**Input records:**
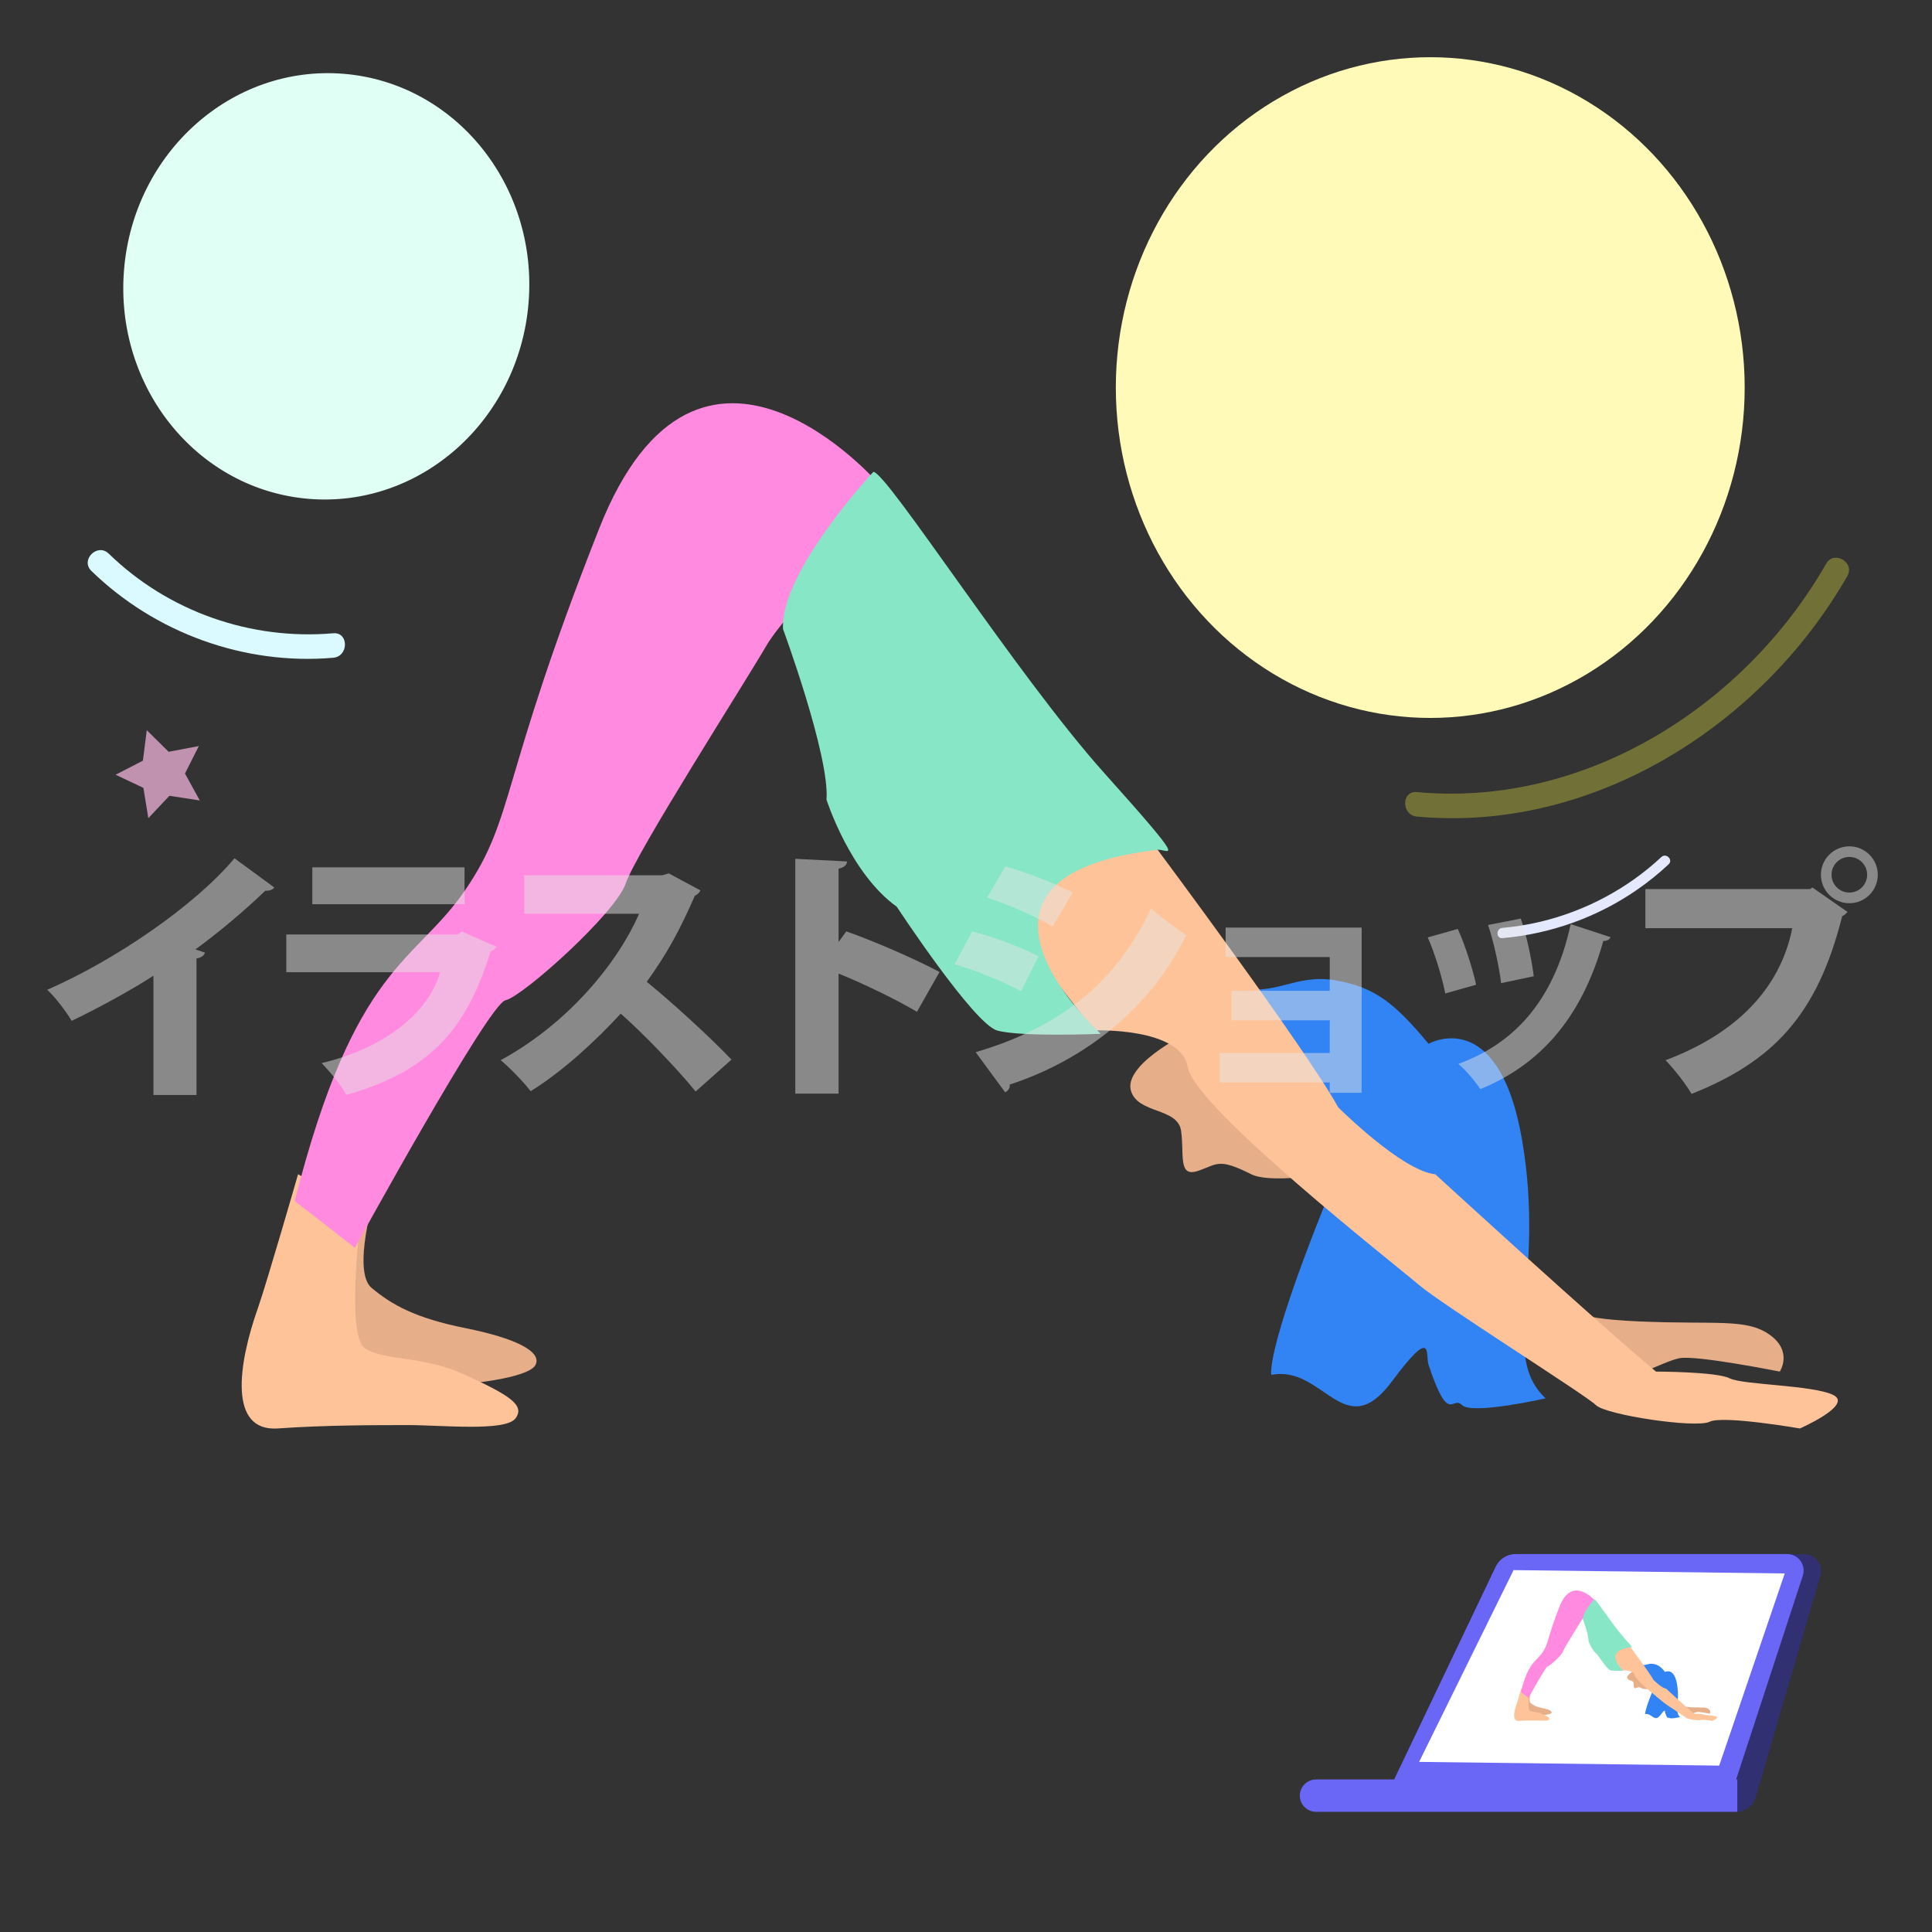 <?xml version="1.0" encoding="utf-8"?>
<!-- Generator: Adobe Illustrator 24.2.1, SVG Export Plug-In . SVG Version: 6.00 Build 0)  -->
<svg version="1.1" xmlns="http://www.w3.org/2000/svg" xmlns:xlink="http://www.w3.org/1999/xlink" x="0px" y="0px"
	 viewBox="0 0 640 640" style="enable-background:new 0 0 640 640;" xml:space="preserve">
<rect x="0" y="0" width="640" height="640" fill="#333333" stroke="none"/>
<style type="text/css">
	.st0{fill:#FFFAB7;}
	.st1{fill:#E0FFF5;}
	.st2{fill:#E4E9FF;}
	.st3{opacity:0.69;fill:#FFBDE6;}
	.st4{opacity:0.32;}
	.st5{fill:#F7F740;}
	.st6{fill:#DBFAFF;}
	.st7{fill:#E6AE89;}
	.st8{fill:#3284F4;}
	.st9{fill:#FFC399;}
	.st10{fill:#FF8ADF;}
	.st11{fill:#87E6C6;}
	.st12{fill:#313073;}
	.st13{fill:#6A67F6;}
	.st14{fill:#FFFFFF;}
	.st15{opacity:0.48;}
	.st16{fill:#E6E6E5;}
</style>
<g id="レイヤー_2">
	<ellipse class="st0" cx="473.79" cy="128.39" rx="104.16" ry="109.44"/>
	
		<ellipse transform="matrix(0.082 -0.997 0.997 0.082 4.644 194.788)" class="st1" cx="108.04" cy="94.87" rx="70.61" ry="67.2"/>
	<g>
		<g>
			<path class="st2" d="M497.7,310.77c15.89-1.38,31.34-6.88,44.47-15.94c3.73-2.57,7.27-5.42,10.58-8.51
				c1.61-1.5-0.81-3.9-2.41-2.41c-11.18,10.43-25.05,17.82-39.92,21.39c-4.19,1-8.44,1.7-12.73,2.07
				C495.53,307.55,495.51,310.96,497.7,310.77L497.7,310.77z"/>
		</g>
	</g>
	<polygon id="XMLID_4_" class="st3" points="66.18,265.16 56.11,263.62 49.14,271.03 47.5,260.99 38.29,256.64 47.34,251.98 
		48.62,241.88 55.86,249.04 65.86,247.14 61.28,256.24 	"/>
	<g class="st4">
		<g>
			<path class="st5" d="M469.36,270.5c58.24,5.39,114.19-30.08,142.59-79.68c2.6-4.54-4.41-8.63-7.01-4.09
				c-27.09,47.34-80.06,80.8-135.58,75.66C464.16,261.91,464.2,270.02,469.36,270.5L469.36,270.5z"/>
		</g>
	</g>
	<g id="XMLID_3_">
		<g>
			<path class="st6" d="M30.28,189.13c21.14,20.57,50.68,31.29,80.1,28.76c5.16-0.44,5.21-8.56,0-8.11
				c-27.37,2.36-54.65-7.2-74.36-26.38C32.27,179.75,26.52,185.48,30.28,189.13L30.28,189.13z"/>
		</g>
	</g>
	<g>
		<path class="st7" d="M400.11,339.13c-11.08,4.43-27.7,14.4-25.48,22.16c2.22,7.76,15.51,5.54,16.62,13.3s-1.11,15.51,5.54,13.3
			c6.65-2.22,6.65-4.43,17.73,1.11c11.08,5.54,68.7-6.65,65.37-21.05C476.56,353.53,400.11,339.13,400.11,339.13z"/>
		<path class="st8" d="M410.08,326.94c12.19,3.32,18.84-4.43,32.13-2.22c13.3,2.22,19.94,7.76,31.02,21.05
			c0,0,23.27-13.3,31.02,32.13c7.76,45.43-7.76,70.91,7.76,85.32c0,0-24.38,5.54-27.7,2.22c-3.32-3.32-4.31,7-11.08-13.3
			c-1.11-3.32,1.85-13.31-12.19,5.54c-15.72,21.11-22.69-5.68-39.89-2.22c0,0-2.22-6.65,17.73-56.51c0,0,0-37.67-13.3-49.86
			S410.08,326.94,410.08,326.94z"/>
		<path class="st7" d="M514.23,429.98c7.76,3.32,3.32,6.65,28.81,7.76s35.46-1.11,43.21,4.43c7.76,5.54,3.32,12.19,3.32,12.19
			s-27.7-5.54-33.24-4.43c-5.54,1.11-16.62,7.76-21.05,6.65s-26.59-24.38-26.59-24.38L514.23,429.98z"/>
		<path class="st9" d="M383.49,281.51c0,0,48.75,65.37,59.83,85.32c0,0,21.05,21.05,32.13,22.16c0,0,53.18,48.75,73.13,65.37
			c0,0,19.94,0,24.38,2.22c4.43,2.22,27.7,2.22,34.35,5.54c6.65,3.32-11.08,11.08-11.08,11.08s-25.48-4.43-29.92-2.22
			c-4.43,2.22-34.35-2.22-37.67-5.54c-3.32-3.32-50.97-33.24-58.72-39.89c-7.76-6.65-74.24-58.72-76.45-72.02
			s-31.02-12.19-31.02-12.19l-46.54-59.83C315.9,281.51,354.68,270.43,383.49,281.51z"/>
		<path class="st7" d="M124.22,395.63c0,0-7.76,25.48-1.11,31.02c6.65,5.54,14.4,9.97,31.02,13.3s25.48,7.76,23.27,12.19
			c-2.22,4.43-23.27,6.65-29.92,6.65c-6.65,0-52.08-11.08-52.08-11.08l15.51-58.72L124.22,395.63z"/>
		<path class="st9" d="M119.79,401.17c0,0-5.54,41,1.11,45.43c6.65,4.43,18.84,2.22,33.24,8.86c14.4,6.65,19.94,9.97,16.62,14.4
			c-3.32,4.43-24.38,2.22-35.46,2.22s-27.7,0-43.21,1.11c-16.43,1.17-13.3-21.05-6.65-39.89c2.88-8.16,13.3-44.32,13.3-44.32
			L119.79,401.17z"/>
		<path class="st10" d="M291.53,160.74c0,0-59.83-69.8-93.07,14.4s-27.7,95.29-44.32,119.66s-36.56,24.38-56.51,103.04l19.94,15.51
			c0,0,44.32-80.88,49.86-81.99s36.56-28.81,39.89-38.78c3.32-9.97,38.78-65.37,46.54-78.67c7.76-13.3,42.1-45.43,42.1-45.43
			L291.53,160.74z"/>
		<path class="st11" d="M383.49,281.51c3.3-0.38,11.08,6.65-17.73-25.48c-28.81-32.13-72.02-99.72-76.45-99.72
			c0,0-31.02,33.24-29.92,52.08c0,0,15.51,42.1,14.4,56.51c0,0,7.76,24.38,23.27,35.46c0,0,25.48,38.78,33.24,41
			c7.76,2.22,34.35,1.11,34.35,1.11S307.04,290.37,383.49,281.51z"/>
	</g>
	<g>
		<path class="st12" d="M575.21,600.19H466.69l36.32-85.33h94.74c3.67,0,6.31,3.52,5.28,7.04l-21.46,73.53
			C580.74,598.25,578.15,600.19,575.21,600.19z"/>
		<path class="st13" d="M574.64,590.9H461.15l34.33-71.94c1.21-2.54,3.78-4.16,6.59-4.16H592c3.72,0,6.36,3.63,5.2,7.17
			L574.64,590.9z"/>
		<path class="st13" d="M575.5,600.19H435.95c-2.96,0-5.36-2.4-5.36-5.36l0,0c0-2.96,2.4-5.36,5.36-5.36H575.5V600.19z"/>
		<polygon class="st14" points="470.1,583.65 501.39,520.12 591.22,521.23 569.51,584.88 		"/>
		<g>
			<path class="st7" d="M542.29,553.02c-1.41,0.56-3.52,1.83-3.24,2.82c0.28,0.99,1.97,0.7,2.11,1.69c0.14,0.99-0.14,1.97,0.7,1.69
				s0.85-0.56,2.26,0.14c1.41,0.7,8.74-0.85,8.32-2.68C552.01,554.85,542.29,553.02,542.29,553.02z"/>
			<path class="st8" d="M543.56,551.47c1.55,0.42,2.4-0.56,4.09-0.28c1.69,0.28,2.54,0.99,3.95,2.68c0,0,2.96-1.69,3.95,4.09
				c0.99,5.78-0.99,9.02,0.99,10.85c0,0-3.1,0.7-3.52,0.28c-0.42-0.42-0.55,0.89-1.41-1.69c-0.14-0.42,0.24-1.69-1.55,0.7
				c-2,2.69-2.89-0.72-5.07-0.28c0,0-0.28-0.85,2.26-7.19c0,0,0-4.79-1.69-6.34C543.84,552.74,543.56,551.47,543.56,551.47z"/>
			<path class="st7" d="M556.8,564.58c0.99,0.42,0.42,0.85,3.66,0.99s4.51-0.14,5.5,0.56c0.99,0.7,0.42,1.55,0.42,1.55
				s-3.52-0.7-4.23-0.56c-0.7,0.14-2.11,0.99-2.68,0.85c-0.56-0.14-3.38-3.1-3.38-3.1L556.8,564.58z"/>
			<path class="st9" d="M540.17,545.69c0,0,6.2,8.32,7.61,10.85c0,0,2.68,2.68,4.09,2.82c0,0,6.77,6.2,9.3,8.32c0,0,2.54,0,3.1,0.28
				c0.56,0.28,3.52,0.28,4.37,0.7c0.85,0.42-1.41,1.41-1.41,1.41s-3.24-0.56-3.81-0.28c-0.56,0.28-4.37-0.28-4.79-0.7
				c-0.42-0.42-6.48-4.23-7.47-5.07c-0.99-0.85-9.44-7.47-9.73-9.16c-0.28-1.69-3.95-1.55-3.95-1.55l-5.92-7.61
				C531.58,545.69,536.51,544.28,540.17,545.69z"/>
			<path class="st7" d="M507.19,560.21c0,0-0.99,3.24-0.14,3.95c0.85,0.7,1.83,1.27,3.95,1.69c2.11,0.42,3.24,0.99,2.96,1.55
				c-0.28,0.56-2.96,0.85-3.81,0.85c-0.85,0-6.62-1.41-6.62-1.41l1.97-7.47L507.19,560.21z"/>
			<path class="st9" d="M506.63,560.91c0,0-0.7,5.21,0.14,5.78c0.85,0.56,2.4,0.28,4.23,1.13c1.83,0.85,2.54,1.27,2.11,1.83
				c-0.42,0.56-3.1,0.28-4.51,0.28s-3.52,0-5.5,0.14c-2.09,0.15-1.69-2.68-0.85-5.07c0.37-1.04,1.69-5.64,1.69-5.64L506.63,560.91z"
				/>
			<path class="st10" d="M528.47,530.33c0,0-7.61-8.88-11.84,1.83c-4.23,10.71-3.52,12.12-5.64,15.22c-2.11,3.1-4.65,3.1-7.19,13.11
				l2.54,1.97c0,0,5.64-10.29,6.34-10.43c0.7-0.14,4.65-3.66,5.07-4.93c0.42-1.27,4.93-8.32,5.92-10.01s5.36-5.78,5.36-5.78
				L528.47,530.33z"/>
			<path class="st11" d="M540.17,545.69c0.42-0.05,1.41,0.85-2.26-3.24c-3.66-4.09-9.16-12.68-9.73-12.68c0,0-3.95,4.23-3.81,6.62
				c0,0,1.97,5.36,1.83,7.19c0,0,0.99,3.1,2.96,4.51c0,0,3.24,4.93,4.23,5.21c0.99,0.28,4.37,0.14,4.37,0.14
				S530.45,546.82,540.17,545.69z"/>
		</g>
	</g>
</g>
<g id="レイヤー_1">
	<g class="st15">
		<path class="st16" d="M50.83,323.21c-7.13,4.66-18.57,10.91-27.1,14.96c-1.76-2.99-5.37-7.83-8.1-10.29
			c22.44-9.77,48.84-27.81,62.04-43.56l13.2,9.68c-0.53,0.7-1.5,1.14-2.99,1.06c-6.86,6.6-14.87,13.38-23.14,19.45l3.17,1.06
			c-0.26,0.88-1.14,1.67-2.82,1.94v45.23H50.83V323.21z"/>
		<path class="st16" d="M164.44,313.62c-0.35,0.62-1.06,1.23-1.94,1.58c-8.27,27.01-21.21,39.86-47.78,47.52
			c-1.5-3.08-5.54-7.83-8.18-10.56c21.21-5.02,35.64-16.98,39.25-30.1H94.84v-12.5h56.67l1.5-0.97L164.44,313.62z M153.88,299.54
			h-50.42v-12.23h50.42V299.54z"/>
		<path class="st16" d="M232.03,294.96c-0.35,0.79-1.06,1.41-1.85,1.76c-5.02,11.44-8.98,18.83-15.93,28.51
			c8.18,6.69,20.42,17.77,28.07,25.78l-11.88,10.56c-6.34-7.83-18.22-20.06-24.82-25.78c-8.54,9.24-19.1,19.01-29.83,25.69
			c-2.2-2.9-6.95-7.83-9.94-10.29c20.68-11.18,37.93-30.45,45.85-48.49h-38.02v-12.76h45.67l2.2-0.62L232.03,294.96z"/>
		<path class="st16" d="M303.75,335.18c-6.6-3.96-17.69-9.33-25.96-12.67v39.77h-14.34v-77.79l17.16,0.88
			c-0.09,1.06-0.88,2.02-2.82,2.38v24.29l2.55-3.52c9.42,3.34,22.44,8.98,30.89,13.46L303.75,335.18z"/>
		<path class="st16" d="M322.05,308.52c7.83,2.11,16.28,5.28,22,8.27l-5.81,11.53c-5.63-2.99-14.43-6.69-22-8.89L322.05,308.52z
			 M323.2,348.55c26.22-7.74,45.93-21.65,58.08-47.61c2.64,2.38,8.89,7.04,11.7,8.8c-12.06,24.64-33.97,41.53-58.52,49.54
			c0.18,0.88-0.26,1.94-1.5,2.55L323.2,348.55z M333.05,286.96c7.83,2.38,16.1,5.54,22.26,8.71l-6.6,11.26
			c-6.25-3.61-13.99-7.04-21.74-9.59L333.05,286.96z"/>
		<path class="st16" d="M451.06,307.28v54.73H440.5v-3.43h-36.52v-9.77h36.52v-10.82h-32.56v-9.77h32.56v-11.18H406v-9.77H451.06z"
			/>
		<path class="st16" d="M482.91,307.72c2.38,5.19,4.93,13.2,6.07,18.48l-10.21,2.9c-1.14-5.63-3.43-13.2-5.81-18.57L482.91,307.72z
			 M533.51,310.45c-0.26,0.7-1.14,1.32-2.38,1.23c-7.3,26.05-21.38,41.18-40.74,49.1c-1.41-2.2-4.84-6.33-7.3-8.36
			c17.78-6.42,31.59-20.24,37.22-46.29L533.51,310.45z M503.77,304.29c1.85,5.1,3.61,13.55,4.31,19.1l-10.82,2.29
			c-0.7-5.9-2.55-13.9-4.31-19.27L503.77,304.29z"/>
		<path class="st16" d="M545.04,294.52h54.56l0.79-0.53l11.62,8.1c-0.44,0.53-1.06,1.06-1.76,1.41
			c-8.27,32.91-22.97,48.13-49.89,58.87c-1.94-3.34-5.9-8.36-8.62-11.17c23.05-8.62,37.93-23.41,41.97-43.73h-48.66V294.52z
			 M612.62,280.36c5.19,0,9.42,4.22,9.42,9.42s-4.22,9.42-9.42,9.42c-5.19,0-9.42-4.22-9.42-9.42
			C603.21,284.4,607.61,280.36,612.62,280.36z M618.52,289.77c0-3.26-2.64-5.9-5.9-5.9c-3.26,0-5.9,2.64-5.9,5.9s2.64,5.9,5.9,5.9
			C616.06,295.67,618.52,292.85,618.52,289.77z"/>
	</g>
</g>
</svg>

**Directions:**
Search the lines above for the string "polygon" and copy each line that has it.

**Result below:**
	<polygon id="XMLID_4_" class="st3" points="66.18,265.16 56.11,263.62 49.14,271.03 47.5,260.99 38.29,256.64 47.34,251.98 
		<polygon class="st14" points="470.1,583.65 501.39,520.12 591.22,521.23 569.51,584.88 		"/>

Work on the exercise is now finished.